Chegamos, pois, por um simples raciocínio, que muitos outros fizeram antes de nós, a concluir pela pluralidade dos mundos. E tal raciocínio acha-se confirmado pela revelação dos Espiritos. Realmente eles nos ensinam que todos esses mundos são habitados por seres corpóreos, apropriados à constituição física de cada globo; que entre os habitantes desses mundos uns são mais, outros são menos adiantados que nós, do ponto de vista intelectual, moral e mesmo físico. Ainda mais: hoje sabemos que é possível entrar em relação com eles e obter esclarecimentos sobre seu estado; sabemos ainda que não só todos os globos são habitados por seres corpóreos, mas que o espaço é povoado por seres inteligentes invisíveis para nós oir causa do véu material lançado sobre nossa alma e que revelam sua existência por meios ocultos ou patentes.
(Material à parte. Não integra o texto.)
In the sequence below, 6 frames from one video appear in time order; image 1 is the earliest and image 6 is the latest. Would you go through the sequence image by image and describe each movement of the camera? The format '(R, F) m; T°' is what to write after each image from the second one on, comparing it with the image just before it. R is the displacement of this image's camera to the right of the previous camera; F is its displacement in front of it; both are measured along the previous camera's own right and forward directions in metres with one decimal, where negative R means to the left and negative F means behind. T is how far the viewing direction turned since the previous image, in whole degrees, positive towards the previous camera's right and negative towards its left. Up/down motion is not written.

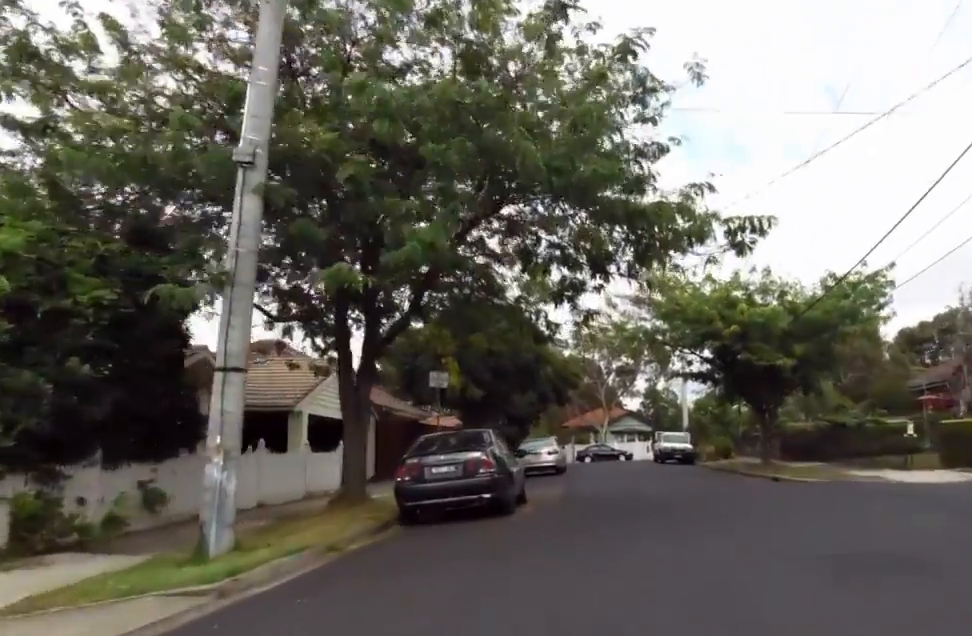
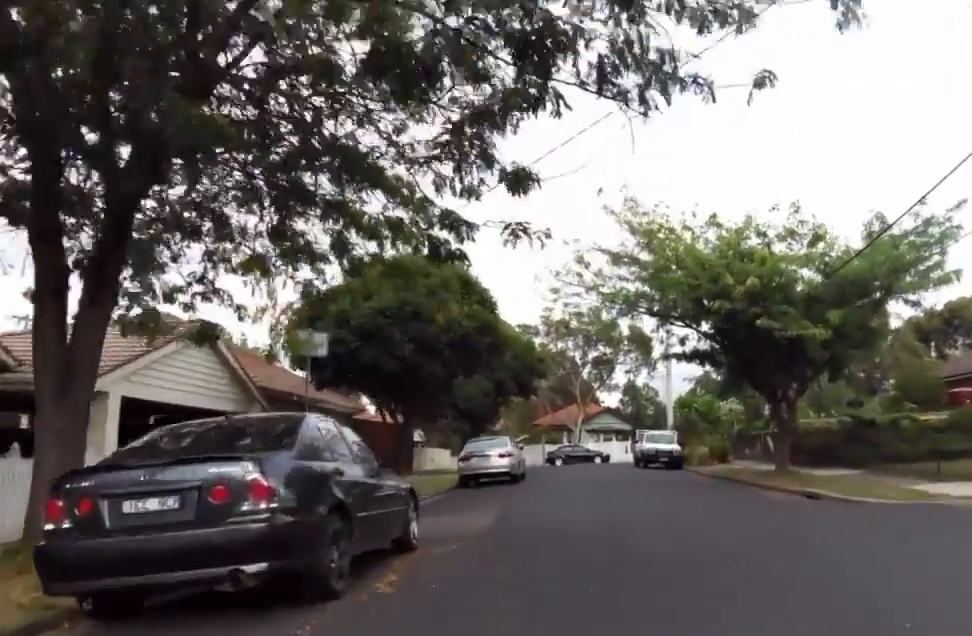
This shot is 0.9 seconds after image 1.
(-1.2, +6.5) m; 0°
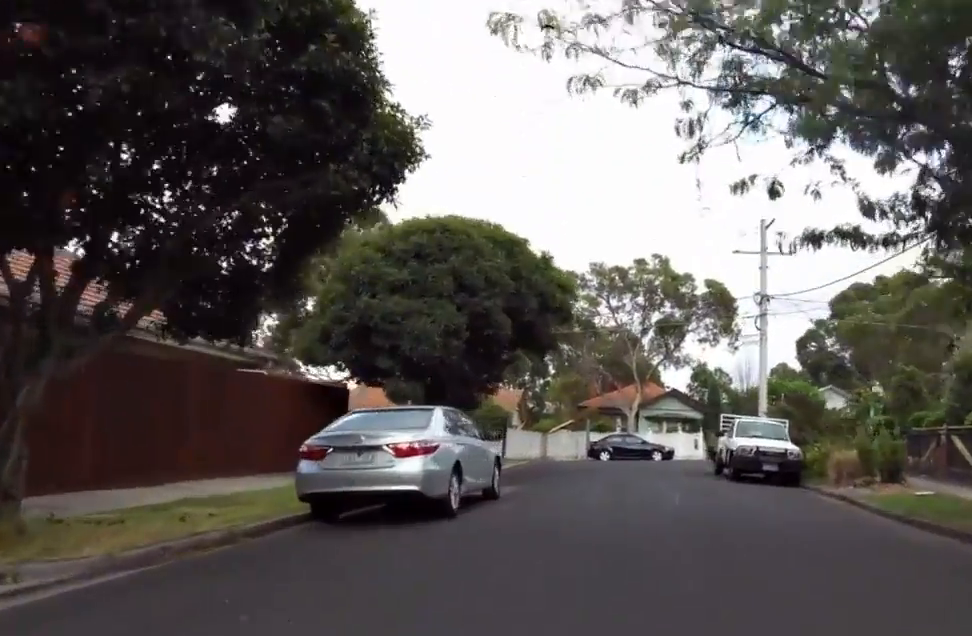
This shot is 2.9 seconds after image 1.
(+0.3, +13.7) m; -11°
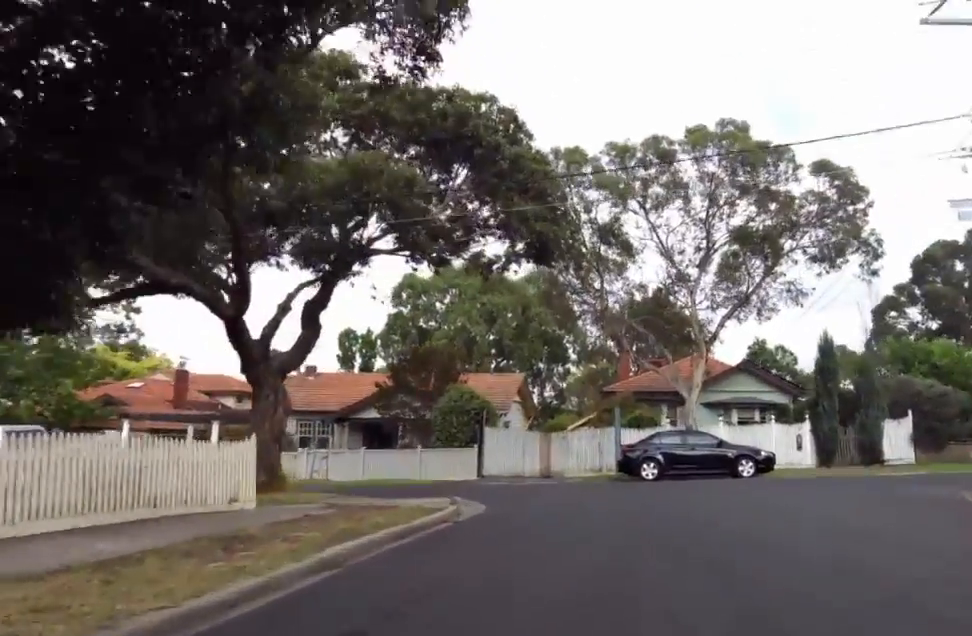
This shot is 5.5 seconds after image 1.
(+1.5, +17.6) m; +3°
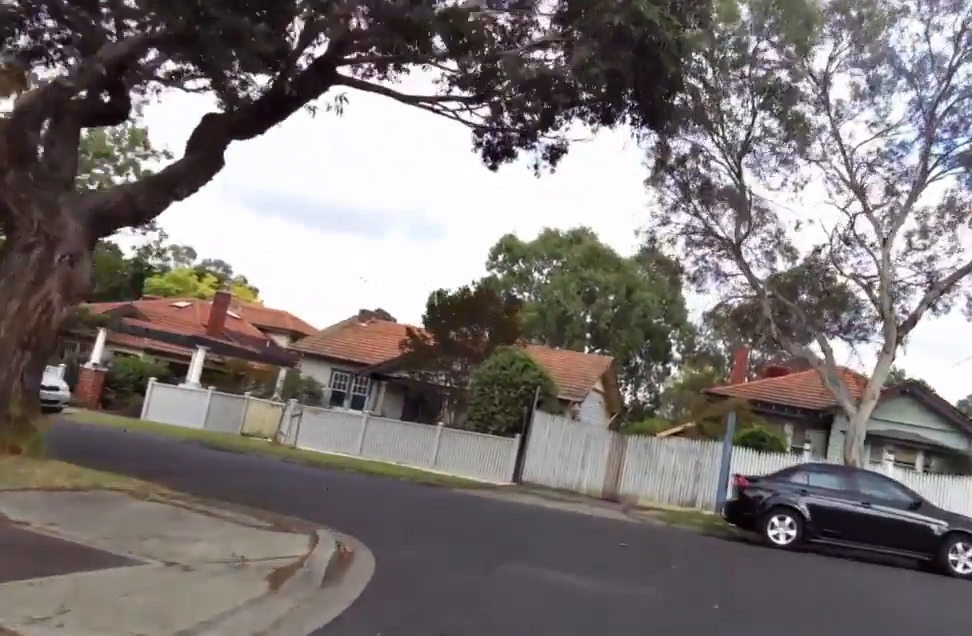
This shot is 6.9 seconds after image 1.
(-2.4, +8.6) m; -18°
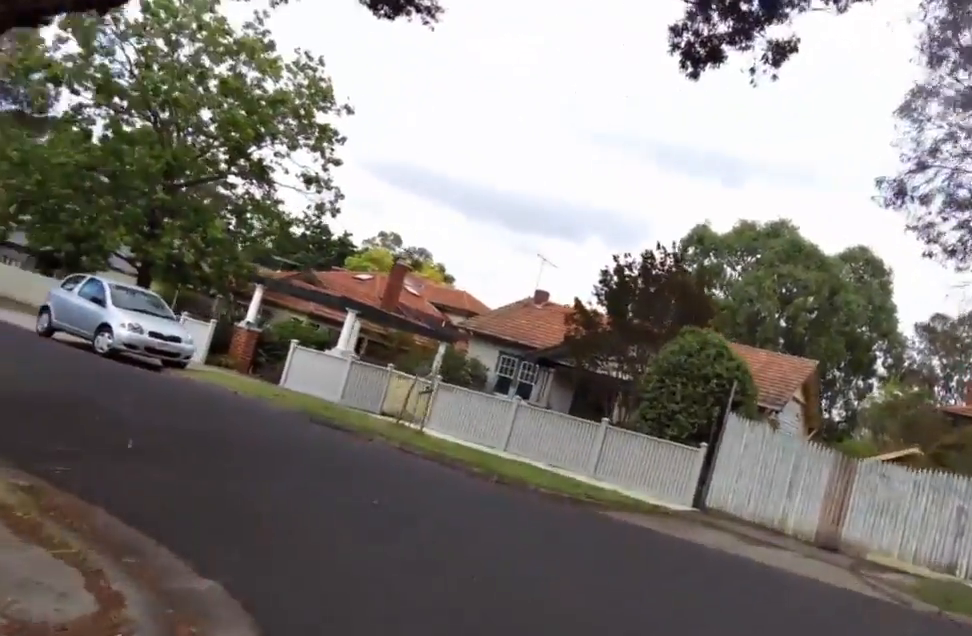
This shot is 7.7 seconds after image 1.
(+1.0, +5.4) m; -12°

Assim, tudo é povoado no universo; a vida e a inteligência estão por toda parte: em globos sólidos, no ar, nas entranhas da Terra, e ate nas profundezas etéreas. Haverá em tal doutrina algo que contrarie a razão?
Não é, ao mesmo tempo, grandiosa e sublime? Ela nos eleva por nossa mesma pequenez, bem ao contrario desse pensamento egoístico e mesquinho, que nos coloca como os únicos seres dignos de ocupar o pensamento de Deus.